- Breed: Quarter Horse
- Discipline: Racing
- Sire: Three Chicks
- Grandsire: Three Bars (TB)
- Dam: Oh My Oh
- Maternal grandsire: Spotted Bull (TB)
- Sex: Stallion
- Foaled: 1966
- Country: United States
- Color: brown
- Breeder: Henry R. Hurd

Record
- 16-10-2-1 SI-100

Earnings
- $201,716

Major wins
- All American Futurity

Honors
- Texas Horse Racing Hall of Fame

= Three Oh's =

American Quarter Horse racehorse

Three Oh's (foaled 1966) was a brown Quarter Horse stallion, AQHA #0458120, winner of the 1968 All American Futurity. He sired Maskeo Lad, a 1972 brown Quarter Horse stallion, AQHA #0835539, who was the 1975 AQHA Racing Champion Three-Year-Old Colt, and Oh Shiney, a 1976 black Quarter Horse stallion, AQHA #1431631, who was the 1981 AQHA Racing Champion Aged Stallion.
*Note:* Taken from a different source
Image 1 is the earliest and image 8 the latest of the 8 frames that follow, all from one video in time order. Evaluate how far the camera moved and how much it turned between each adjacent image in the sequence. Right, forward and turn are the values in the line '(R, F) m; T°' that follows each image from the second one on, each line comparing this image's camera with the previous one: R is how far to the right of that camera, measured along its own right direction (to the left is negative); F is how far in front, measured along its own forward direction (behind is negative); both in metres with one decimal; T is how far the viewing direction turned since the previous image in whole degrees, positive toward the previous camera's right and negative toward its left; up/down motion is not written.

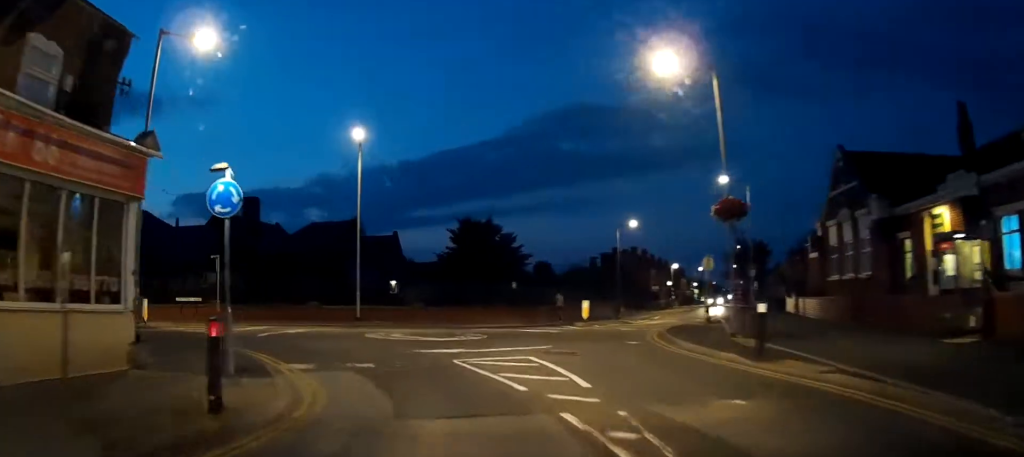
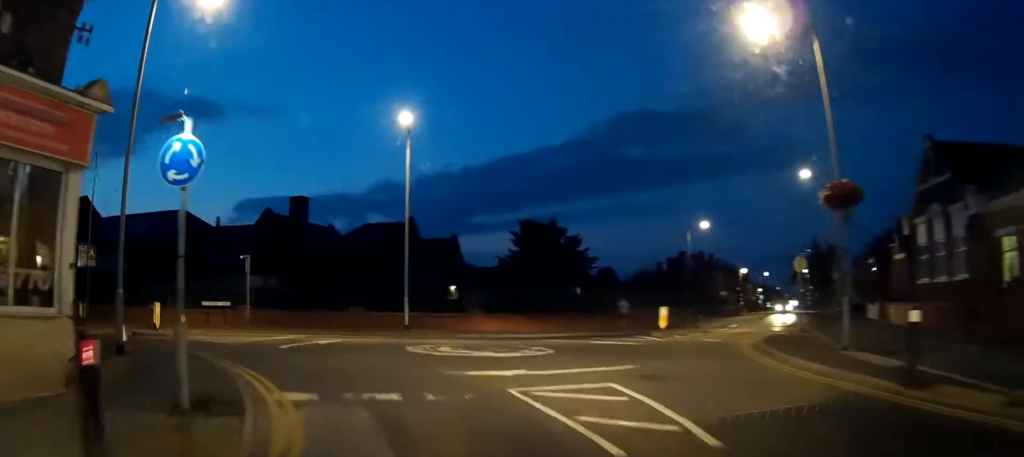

Three Oh's sired seven crops before his death in 1976 at age 10. All totaled, he sired earners of over $4.7 million including 57 stakes winners. He set track records in 1968–1969 at several tracks in the Southwest, and was inducted into the Texas Horse Racing Hall of Fame. He was owned by Dr. & Mrs. D. G. Strole of Abilene, Texas and trained by C.W. "Bubba" Cascio.